Русские писатели — вот кто были настоящие супергерои. На полях сражений бесстрашны и несокрушимы, в высшем свете утонченны и элегантны, а за письменным столом перед листом бумаги точны и остроумны. Все без исключения, даже те, кто оказался по разные стороны баррикад в противостоянии западников и славянофилов, находили для себя постыдным не понюхать пороха. Пушкин, будучи до крайней степени мнительным (перебежал заяц дорогу и все: «Эй, ямщик, поворачивай назад!»), и тот рвался в бой при каждом удобном случае. Впрочем, именно ему его невостребованная воинственность однажды вышла боком, но это уже детали. Книгой «Взвод» Захар Прилепин переписывает историю русской литературы: «Да, были люди в то время! Богатыри, не мы». Все те, кто нам был известен по большей части как знакомцы Пушкина, счастливо уберегшие его от участия в декабрьской акции на Сенатской площади, вдруг предстали вояками, жаждущими пролить кровь на полях сражений за царя и отечество.
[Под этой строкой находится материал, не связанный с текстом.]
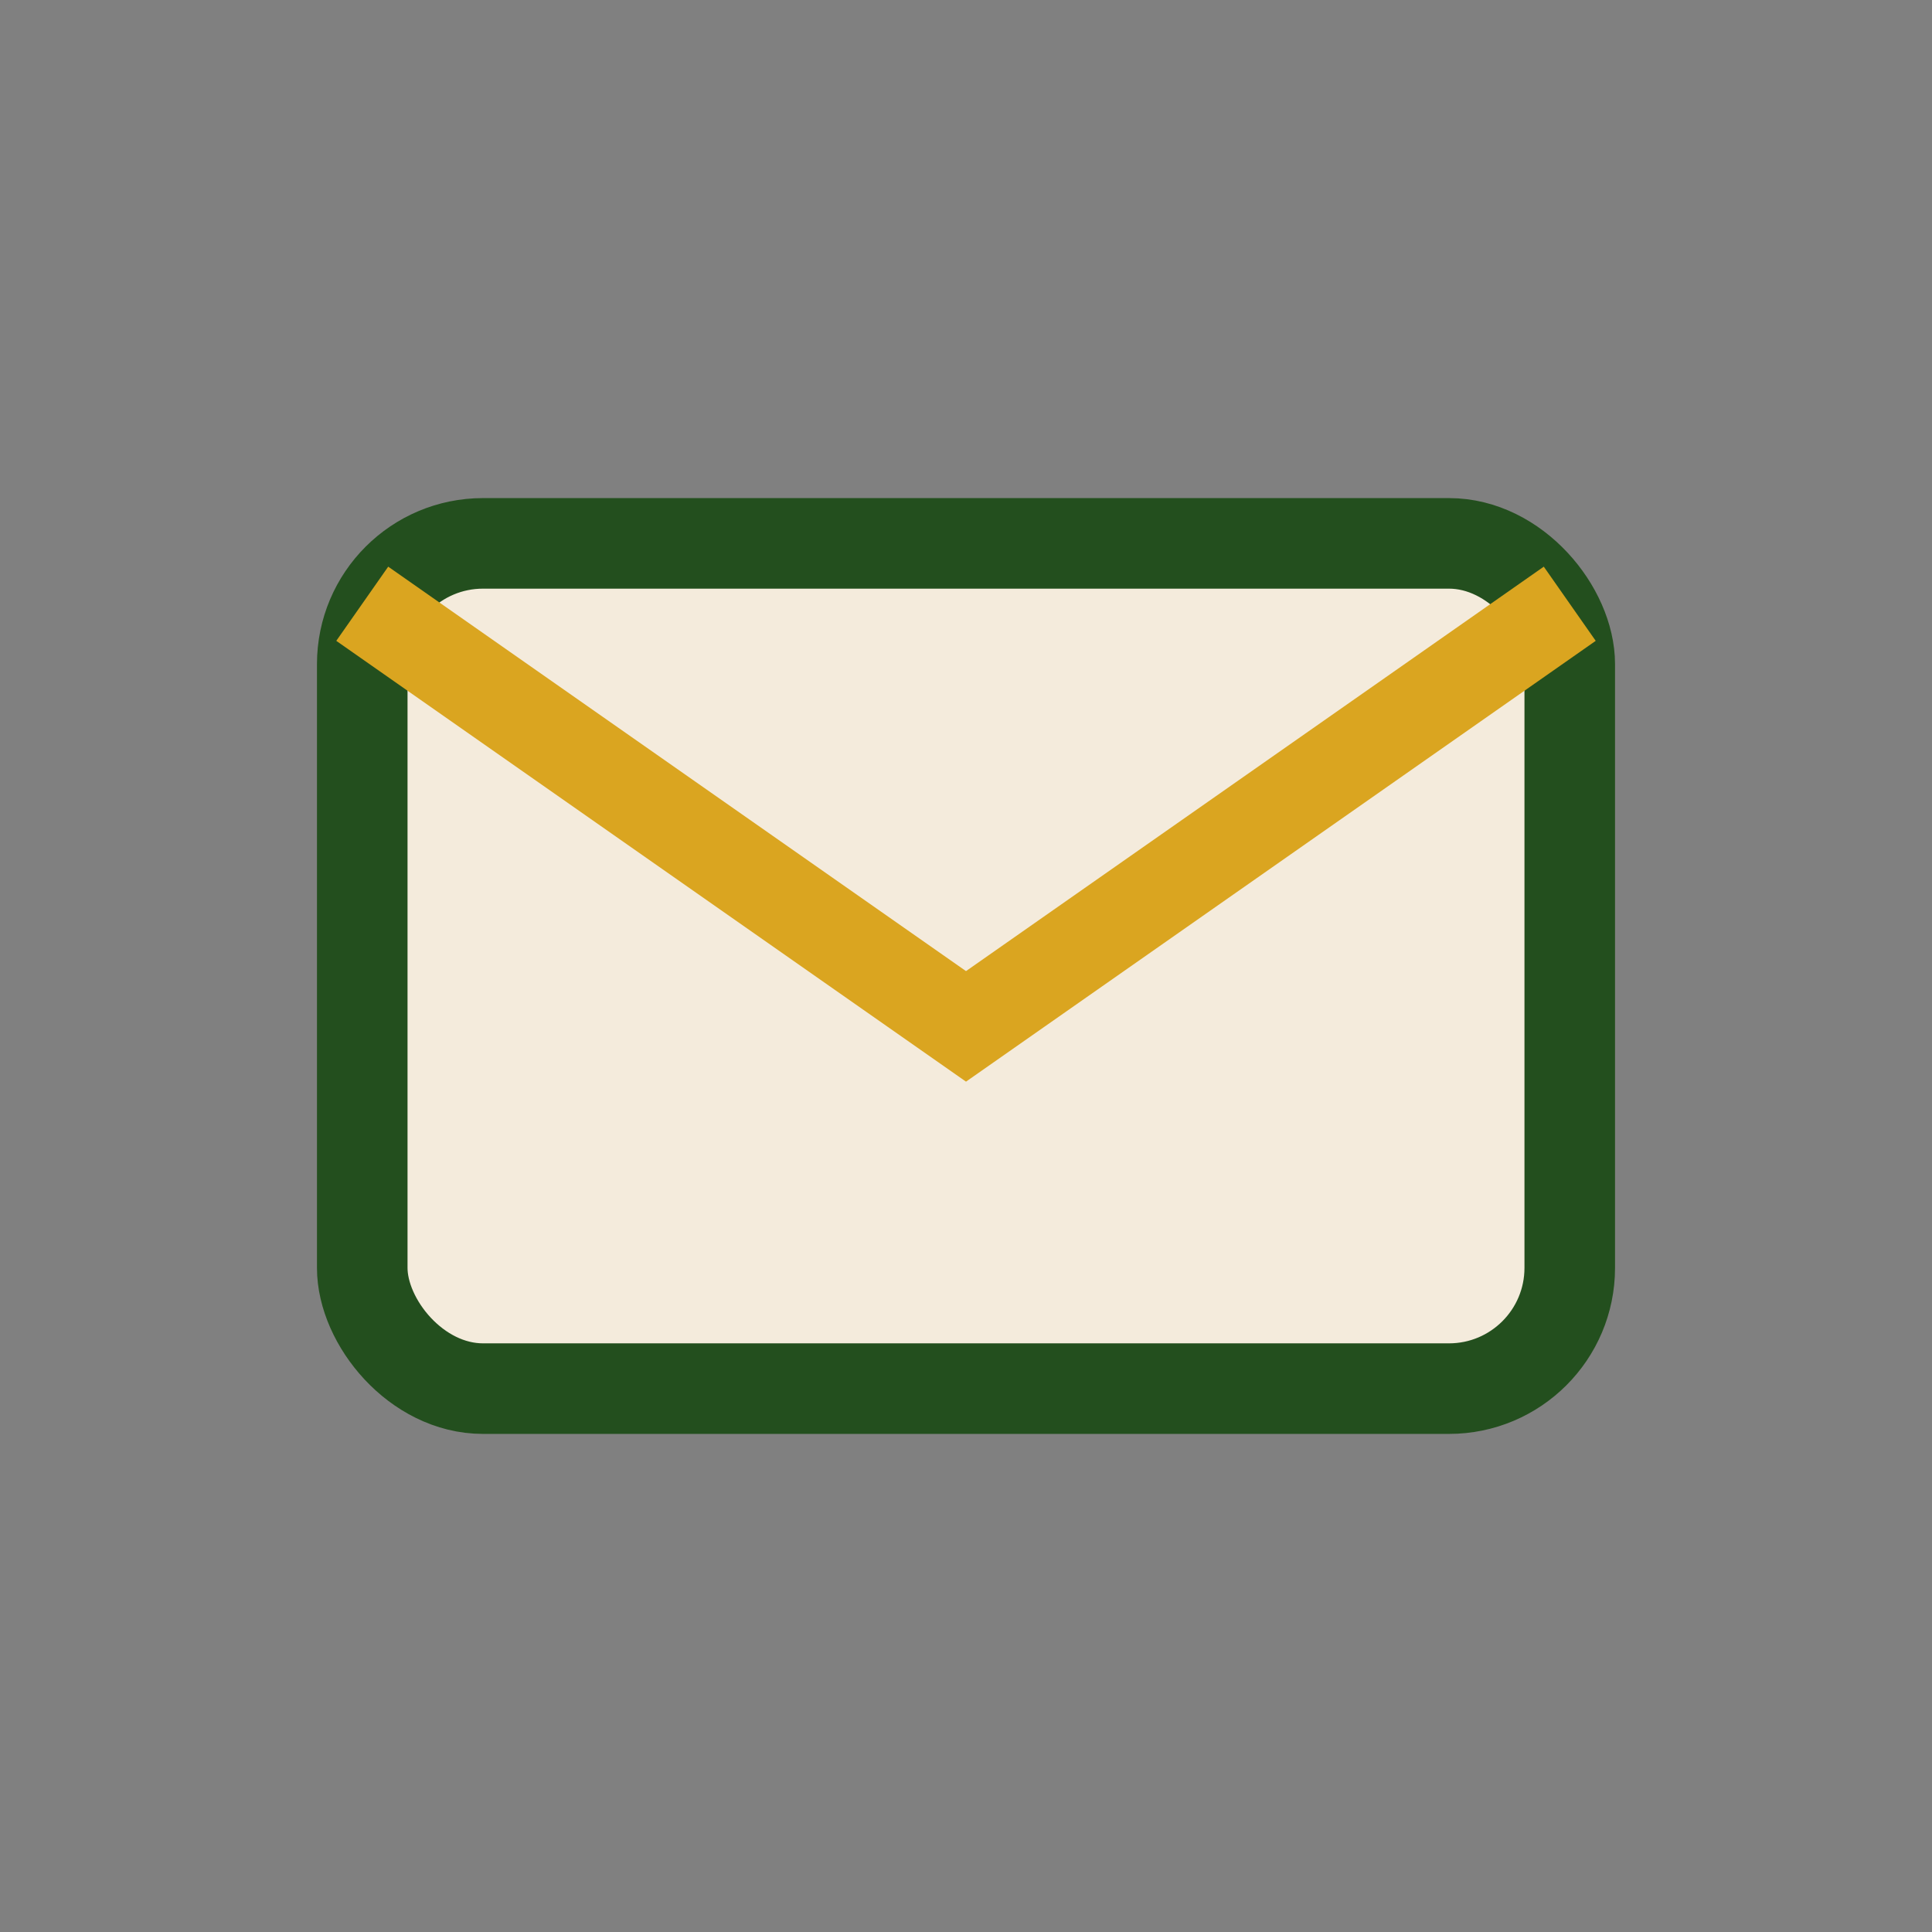 <?xml version="1.0" encoding="UTF-8"?>
<svg xmlns="http://www.w3.org/2000/svg" width="32" height="32" viewBox="0 0 32 32"><rect x="0" y="0" width="32" height="32" fill="#808080" stroke="none"/><rect x="6" y="9" width="20" height="14" rx="2" fill="#F4EBDC" stroke="#234F1E" stroke-width="1.5"/><path d="M6 10l10 7 10-7" stroke="#DAA520" stroke-width="1.5" fill="none"/></svg>

Захар Прилепин начитан, эрудирован, пишет так, как будто сам стоял рядом с каждым писателем и наблюдал за ним. Легко делает допущения, оговариваясь: «возможно» — и дальше рисуя картину событий, которые не подтверждаются никакими документами. Но наше воображение легко поддается воле автора, мы доверяем ему как пророку, обладающему даром прозревать прошлое. И когда Прилепин выдает нечто парадоксальное: «Война — зло. Только не всегда понятно, кто здесь вправе вынести ей вердикт. Война — древнее искусство, она сама по себе искусство», мы тоже принимаем это как должное. Наше сознание не спотыкается даже на еще более ошеломляющем тезисе: «Земля по большей части населена людьми, которых война спасла от уничтожения». Мы читатели эпохи постправды, нам не нужны факты, которых во «Взводе» хватает, нам дороже эмоциональность автора высказывания и его убедительность: «Раз Прилепин говорит, значит, так и есть!»
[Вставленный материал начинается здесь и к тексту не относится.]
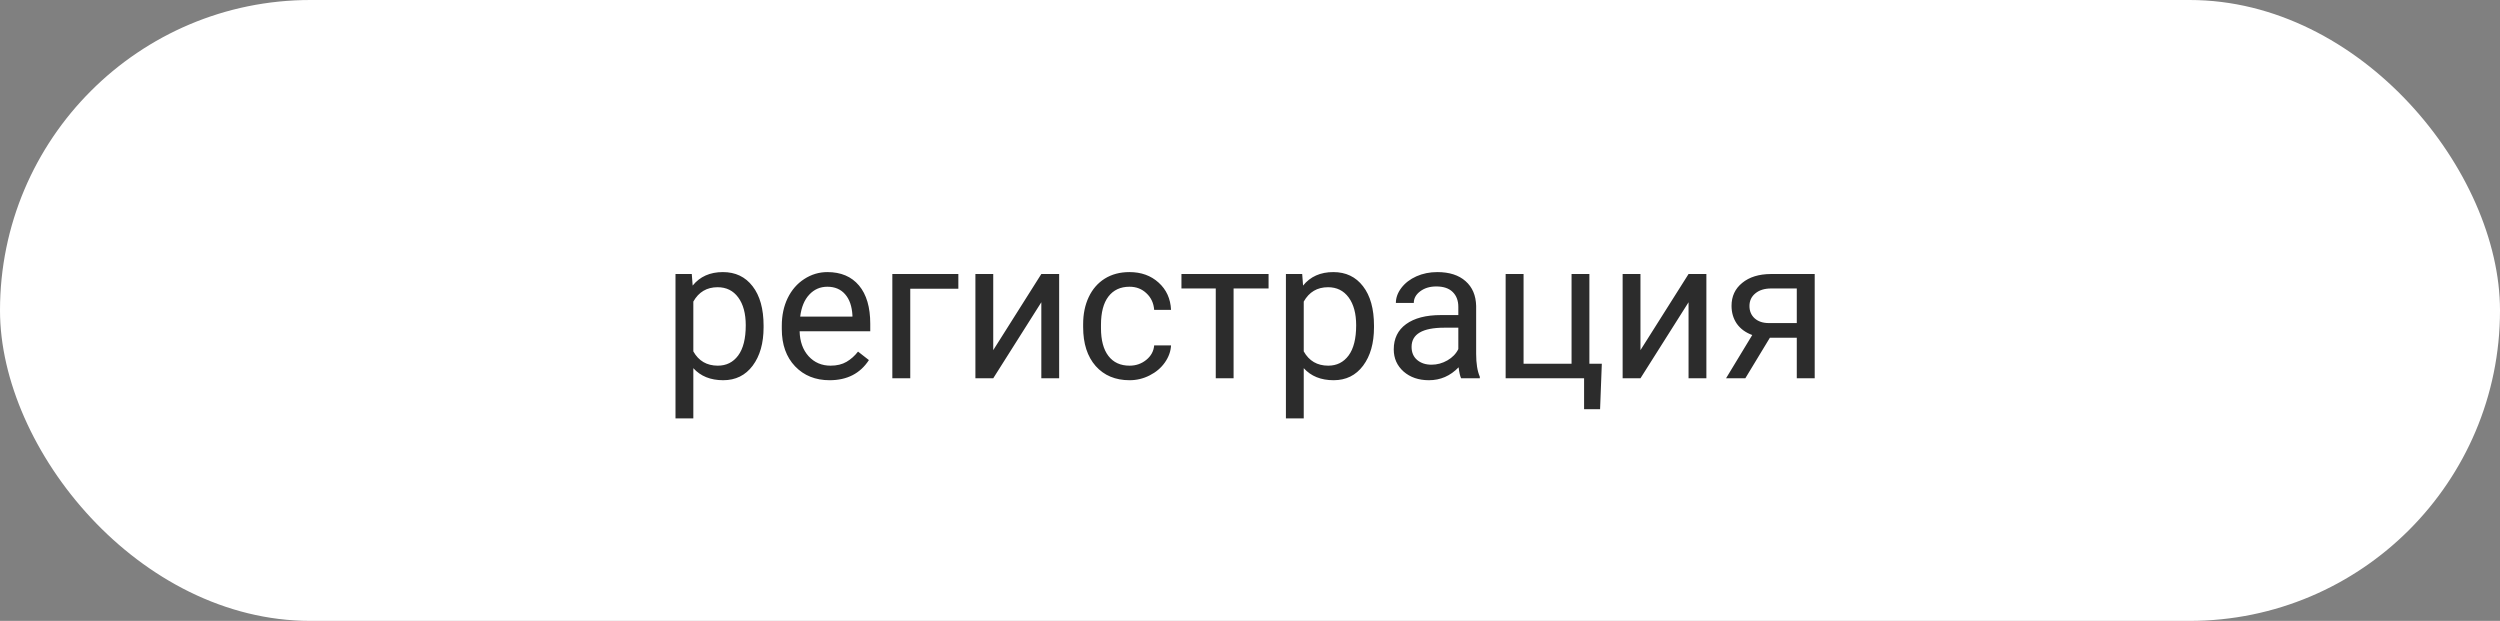 <?xml version="1.0" encoding="UTF-8"?> <svg xmlns="http://www.w3.org/2000/svg" width="608" height="151" viewBox="0 0 608 151" fill="none"><rect x="0" y="0" width="608" height="151" fill="#808080" stroke="none"/> <rect width="608" height="151" rx="75.5" fill="white"></rect> <path d="M185.703 79.602C185.703 83.461 184.82 86.57 183.055 88.93C181.289 91.289 178.898 92.469 175.883 92.469C172.805 92.469 170.383 91.492 168.617 89.539V101.75H164.281V66.641H168.242L168.453 69.453C170.219 67.266 172.672 66.172 175.812 66.172C178.859 66.172 181.266 67.32 183.031 69.617C184.812 71.914 185.703 75.109 185.703 79.203V79.602ZM181.367 79.109C181.367 76.25 180.758 73.992 179.539 72.336C178.32 70.68 176.648 69.852 174.523 69.852C171.898 69.852 169.93 71.016 168.617 73.344V85.461C169.914 87.773 171.898 88.93 174.57 88.93C176.648 88.93 178.297 88.109 179.516 86.469C180.75 84.812 181.367 82.359 181.367 79.109ZM201.758 92.469C198.32 92.469 195.523 91.344 193.367 89.094C191.211 86.828 190.133 83.805 190.133 80.023V79.227C190.133 76.711 190.609 74.469 191.562 72.5C192.531 70.516 193.875 68.969 195.594 67.859C197.328 66.734 199.203 66.172 201.219 66.172C204.516 66.172 207.078 67.258 208.906 69.43C210.734 71.602 211.648 74.711 211.648 78.758V80.562H194.469C194.531 83.062 195.258 85.086 196.648 86.633C198.055 88.164 199.836 88.93 201.992 88.93C203.523 88.93 204.82 88.617 205.883 87.992C206.945 87.367 207.875 86.539 208.672 85.508L211.32 87.57C209.195 90.836 206.008 92.469 201.758 92.469ZM201.219 69.734C199.469 69.734 198 70.375 196.812 71.656C195.625 72.922 194.891 74.703 194.609 77H207.312V76.672C207.188 74.469 206.594 72.766 205.531 71.562C204.469 70.344 203.031 69.734 201.219 69.734ZM233.07 70.227H221.375V92H217.016V66.641H233.07V70.227ZM253.25 66.641H257.586V92H253.25V73.508L241.555 92H237.219V66.641H241.555V85.156L253.25 66.641ZM274.719 88.93C276.266 88.93 277.617 88.461 278.773 87.523C279.93 86.586 280.57 85.414 280.695 84.008H284.797C284.719 85.461 284.219 86.844 283.297 88.156C282.375 89.469 281.141 90.516 279.594 91.297C278.062 92.078 276.438 92.469 274.719 92.469C271.266 92.469 268.516 91.32 266.469 89.023C264.438 86.711 263.422 83.555 263.422 79.555V78.828C263.422 76.359 263.875 74.164 264.781 72.242C265.688 70.32 266.984 68.828 268.672 67.766C270.375 66.703 272.383 66.172 274.695 66.172C277.539 66.172 279.898 67.023 281.773 68.727C283.664 70.43 284.672 72.641 284.797 75.359H280.695C280.57 73.719 279.945 72.375 278.82 71.328C277.711 70.266 276.336 69.734 274.695 69.734C272.492 69.734 270.781 70.531 269.562 72.125C268.359 73.703 267.758 75.992 267.758 78.992V79.812C267.758 82.734 268.359 84.984 269.562 86.562C270.766 88.141 272.484 88.93 274.719 88.93ZM308.516 70.156H300.008V92H295.672V70.156H287.328V66.641H308.516V70.156ZM334.156 79.602C334.156 83.461 333.273 86.57 331.508 88.93C329.742 91.289 327.352 92.469 324.336 92.469C321.258 92.469 318.836 91.492 317.07 89.539V101.75H312.734V66.641H316.695L316.906 69.453C318.672 67.266 321.125 66.172 324.266 66.172C327.312 66.172 329.719 67.32 331.484 69.617C333.266 71.914 334.156 75.109 334.156 79.203V79.602ZM329.82 79.109C329.82 76.25 329.211 73.992 327.992 72.336C326.773 70.68 325.102 69.852 322.977 69.852C320.352 69.852 318.383 71.016 317.07 73.344V85.461C318.367 87.773 320.352 88.93 323.023 88.93C325.102 88.93 326.75 88.109 327.969 86.469C329.203 84.812 329.82 82.359 329.82 79.109ZM355.344 92C355.094 91.5 354.891 90.609 354.734 89.328C352.719 91.422 350.312 92.469 347.516 92.469C345.016 92.469 342.961 91.766 341.352 90.359C339.758 88.938 338.961 87.141 338.961 84.969C338.961 82.328 339.961 80.281 341.961 78.828C343.977 77.359 346.805 76.625 350.445 76.625H354.664V74.633C354.664 73.117 354.211 71.914 353.305 71.023C352.398 70.117 351.062 69.664 349.297 69.664C347.75 69.664 346.453 70.055 345.406 70.836C344.359 71.617 343.836 72.562 343.836 73.672H339.477C339.477 72.406 339.922 71.188 340.812 70.016C341.719 68.828 342.938 67.891 344.469 67.203C346.016 66.516 347.711 66.172 349.555 66.172C352.477 66.172 354.766 66.906 356.422 68.375C358.078 69.828 358.938 71.836 359 74.398V86.07C359 88.398 359.297 90.25 359.891 91.625V92H355.344ZM348.148 88.695C349.508 88.695 350.797 88.344 352.016 87.641C353.234 86.938 354.117 86.023 354.664 84.898V79.695H351.266C345.953 79.695 343.297 81.25 343.297 84.359C343.297 85.719 343.75 86.781 344.656 87.547C345.562 88.312 346.727 88.695 348.148 88.695ZM366.172 66.641H370.531V88.461H382.203V66.641H386.539V88.461H389.562L389.141 99.523H385.25V92H366.172V66.641ZM410.656 66.641H414.992V92H410.656V73.508L398.961 92H394.625V66.641H398.961V85.156L410.656 66.641ZM441.336 66.641V92H436.977V82.133H430.438L424.461 92H419.773L426.148 81.477C424.523 80.883 423.273 79.969 422.398 78.734C421.539 77.484 421.109 76.031 421.109 74.375C421.109 72.062 421.977 70.203 423.711 68.797C425.445 67.375 427.766 66.656 430.672 66.641H441.336ZM425.469 74.422C425.469 75.656 425.891 76.656 426.734 77.422C427.578 78.172 428.695 78.555 430.086 78.57H436.977V70.156H430.742C429.133 70.156 427.852 70.555 426.898 71.352C425.945 72.133 425.469 73.156 425.469 74.422Z" fill="#2C2C2C"></path> </svg>

Автор не столько переиначивает историю русской литературы, которой до сих пор приписывали исключительно гуманистическое содержание, сколько делает ее разнонаправленной: не только человеколюбие. С Прилепиным бессмысленно спорить и цитировать ему Толстого: «В это время случилась война в России. И русские стали во имя христианской любви убивать своих братьев. И не думать об этом нельзя было. Не видеть, что убийство есть зло, противное всяким основам веры, нельзя было. А вместе с тем в церквах молились об успехе нашего оружия, и учителя веры признавали это убийство делом, вытекающим из веры». Поди здесь разберись, в какую сторону идти. Налево пойдешь, сотрут тебя с лица земли и поминай как звали, направо — разочаруешься и в самом себе, и в том, что тебя окружает: «Ложь, воровство, любодеяния всех родов, пьянство, насилие, убийство… Не было преступления, которого бы я не совершал, и за все это меня хвалили, считали и считают мои сверстники сравнительно нравственным человеком», — исповедуется Лев Николаевич. Может, и Прилепин когда-нибудь такое напишет, но это будет потом.
А сейчас он в горячей точке — на Донбассе, и для него это не просто приключение, а следование традициям великой русской литературы. «Взвод» — фундаментальное обоснование личного выбора писателя, который стоил ему нескольких контрактов с западными литературными агентствами. Но какое имеет значение размер гонорара, когда автор пишет себе биографию? И что делать Прилепину, если он не может сидеть и писать в кабинетной тиши? В прошлом году он заявил о себе как о рок-герое: собрал группу и записал альбом собственных песен. Вот только время рок-героев безнадежно ушло. В советском литературоведении такую модель поведения называли байронизмом, под которым подразумевалась иррациональная жажда подвигов: зачем кумир Пушкина и Лермонтова ввязался в это безнадежное восстание в Греции, да еще и прихватив с собой полтысячи нанятых на собственные деньги солдат, вместо того чтобы жить долго, счастливо и писать, писать, писать? Чтобы не вернуться оттуда живым? Да затем же, зачем и Д’Аннунцио в хорватский городок Риека, Хэмингуэй в Испанию и Че Гевара в Боливию: чтобы стать легендой. Лучше при жизни.